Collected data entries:

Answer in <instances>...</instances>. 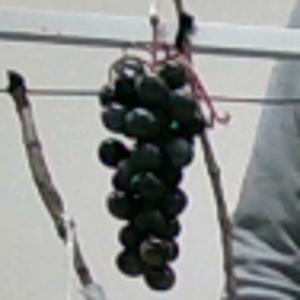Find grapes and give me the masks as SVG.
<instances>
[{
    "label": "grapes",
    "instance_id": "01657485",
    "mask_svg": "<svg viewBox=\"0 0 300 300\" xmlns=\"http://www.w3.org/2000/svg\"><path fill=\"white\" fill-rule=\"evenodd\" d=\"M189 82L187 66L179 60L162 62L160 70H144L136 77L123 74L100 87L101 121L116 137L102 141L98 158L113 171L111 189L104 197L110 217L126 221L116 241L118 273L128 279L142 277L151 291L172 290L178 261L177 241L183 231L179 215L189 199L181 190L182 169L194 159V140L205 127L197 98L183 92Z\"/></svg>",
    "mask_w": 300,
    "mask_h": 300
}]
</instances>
...
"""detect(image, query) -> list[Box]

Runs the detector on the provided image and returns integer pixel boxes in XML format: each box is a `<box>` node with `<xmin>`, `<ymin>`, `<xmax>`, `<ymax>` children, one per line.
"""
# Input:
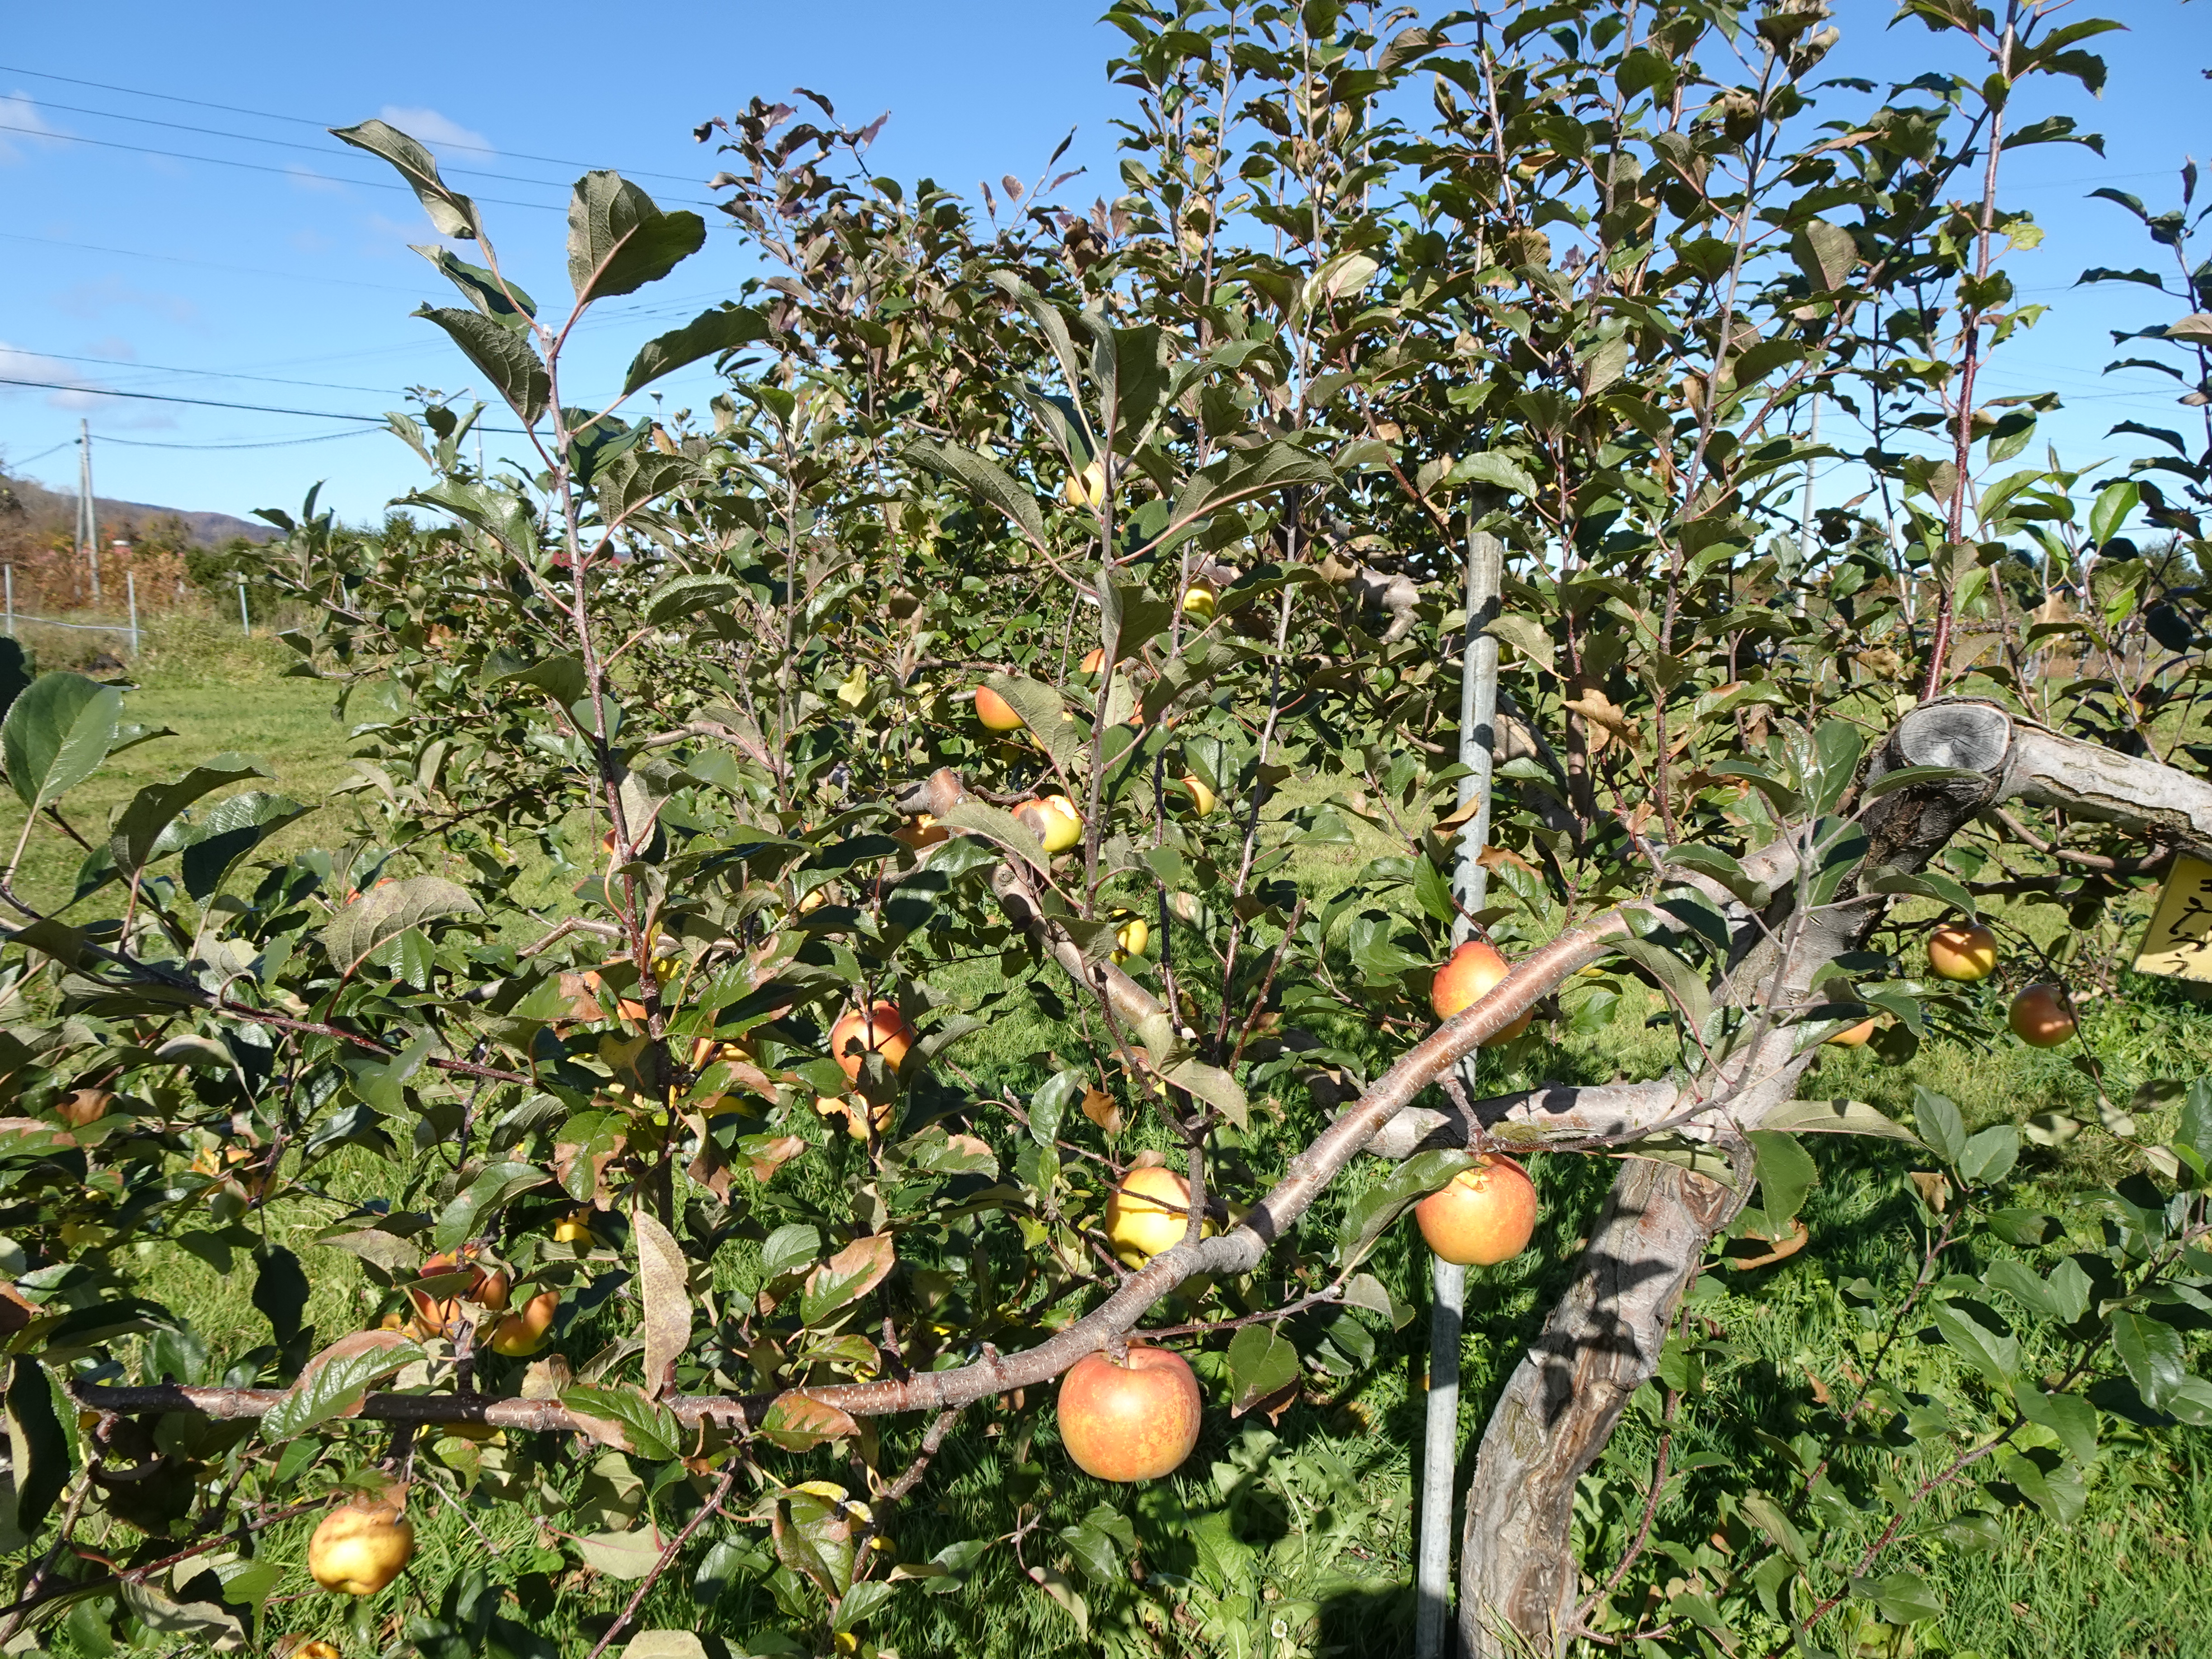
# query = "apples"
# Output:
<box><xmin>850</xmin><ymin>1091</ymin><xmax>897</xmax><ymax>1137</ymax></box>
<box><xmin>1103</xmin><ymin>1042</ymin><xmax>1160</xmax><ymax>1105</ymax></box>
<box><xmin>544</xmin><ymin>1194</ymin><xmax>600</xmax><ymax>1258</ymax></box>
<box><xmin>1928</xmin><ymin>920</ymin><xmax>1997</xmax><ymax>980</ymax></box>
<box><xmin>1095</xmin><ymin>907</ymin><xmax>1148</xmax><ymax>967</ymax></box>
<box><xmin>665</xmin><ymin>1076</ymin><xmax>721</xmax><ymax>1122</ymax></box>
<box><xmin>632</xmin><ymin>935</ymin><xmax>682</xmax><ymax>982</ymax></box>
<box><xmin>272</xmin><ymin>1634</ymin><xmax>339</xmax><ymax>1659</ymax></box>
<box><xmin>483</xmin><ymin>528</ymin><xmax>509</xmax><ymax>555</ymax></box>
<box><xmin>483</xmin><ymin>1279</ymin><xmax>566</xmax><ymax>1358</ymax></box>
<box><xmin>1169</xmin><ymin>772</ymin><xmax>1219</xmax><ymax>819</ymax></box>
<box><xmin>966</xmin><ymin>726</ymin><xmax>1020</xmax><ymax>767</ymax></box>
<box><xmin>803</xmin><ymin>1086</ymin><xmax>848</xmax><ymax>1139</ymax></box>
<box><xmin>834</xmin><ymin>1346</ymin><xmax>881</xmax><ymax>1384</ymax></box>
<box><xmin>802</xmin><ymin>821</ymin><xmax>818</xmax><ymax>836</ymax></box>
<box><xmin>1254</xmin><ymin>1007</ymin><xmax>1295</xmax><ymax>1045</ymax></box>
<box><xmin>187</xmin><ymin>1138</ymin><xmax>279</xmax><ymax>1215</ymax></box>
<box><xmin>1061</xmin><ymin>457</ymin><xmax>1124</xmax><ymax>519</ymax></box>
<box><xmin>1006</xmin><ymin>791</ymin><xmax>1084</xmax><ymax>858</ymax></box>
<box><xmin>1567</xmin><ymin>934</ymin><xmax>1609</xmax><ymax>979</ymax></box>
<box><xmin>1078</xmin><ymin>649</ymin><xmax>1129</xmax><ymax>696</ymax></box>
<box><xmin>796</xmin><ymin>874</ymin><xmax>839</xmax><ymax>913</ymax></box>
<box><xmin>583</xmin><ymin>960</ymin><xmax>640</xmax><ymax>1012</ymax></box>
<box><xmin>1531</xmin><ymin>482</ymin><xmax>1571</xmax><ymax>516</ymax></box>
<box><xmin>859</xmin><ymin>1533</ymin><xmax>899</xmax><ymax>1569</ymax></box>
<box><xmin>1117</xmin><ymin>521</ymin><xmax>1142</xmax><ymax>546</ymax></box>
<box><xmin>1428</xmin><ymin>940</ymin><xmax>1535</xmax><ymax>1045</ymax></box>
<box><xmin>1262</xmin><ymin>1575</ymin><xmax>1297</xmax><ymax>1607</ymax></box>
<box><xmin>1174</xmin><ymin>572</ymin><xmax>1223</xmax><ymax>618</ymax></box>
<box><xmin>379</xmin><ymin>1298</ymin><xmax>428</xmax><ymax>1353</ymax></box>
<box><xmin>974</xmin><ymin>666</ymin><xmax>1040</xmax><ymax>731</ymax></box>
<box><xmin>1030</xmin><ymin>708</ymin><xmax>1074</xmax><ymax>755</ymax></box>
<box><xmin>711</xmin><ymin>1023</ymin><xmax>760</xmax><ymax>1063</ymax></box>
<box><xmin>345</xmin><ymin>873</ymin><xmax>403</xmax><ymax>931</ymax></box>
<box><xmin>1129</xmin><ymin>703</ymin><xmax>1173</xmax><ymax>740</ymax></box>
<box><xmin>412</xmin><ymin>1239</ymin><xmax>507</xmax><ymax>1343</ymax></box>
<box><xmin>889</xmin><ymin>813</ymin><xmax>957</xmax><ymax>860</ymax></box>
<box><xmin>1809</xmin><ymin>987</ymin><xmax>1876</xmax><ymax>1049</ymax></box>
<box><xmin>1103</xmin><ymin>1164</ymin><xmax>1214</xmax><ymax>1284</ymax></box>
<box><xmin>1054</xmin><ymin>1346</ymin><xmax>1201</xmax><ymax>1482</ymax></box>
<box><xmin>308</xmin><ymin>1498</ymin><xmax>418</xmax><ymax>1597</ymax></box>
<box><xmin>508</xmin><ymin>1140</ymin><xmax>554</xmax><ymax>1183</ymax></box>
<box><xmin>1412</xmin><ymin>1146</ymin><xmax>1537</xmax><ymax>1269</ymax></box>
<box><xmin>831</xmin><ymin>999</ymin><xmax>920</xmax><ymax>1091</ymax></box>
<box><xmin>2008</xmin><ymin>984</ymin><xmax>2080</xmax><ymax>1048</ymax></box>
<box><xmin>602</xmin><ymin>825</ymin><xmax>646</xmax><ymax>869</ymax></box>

▶ [ABOUT THIS TASK]: Every line containing the string "query" is required; copy each such line from the data.

▶ [WRITTEN RESPONSE]:
"""detect(image, query) -> list[Box]
# query = "apples"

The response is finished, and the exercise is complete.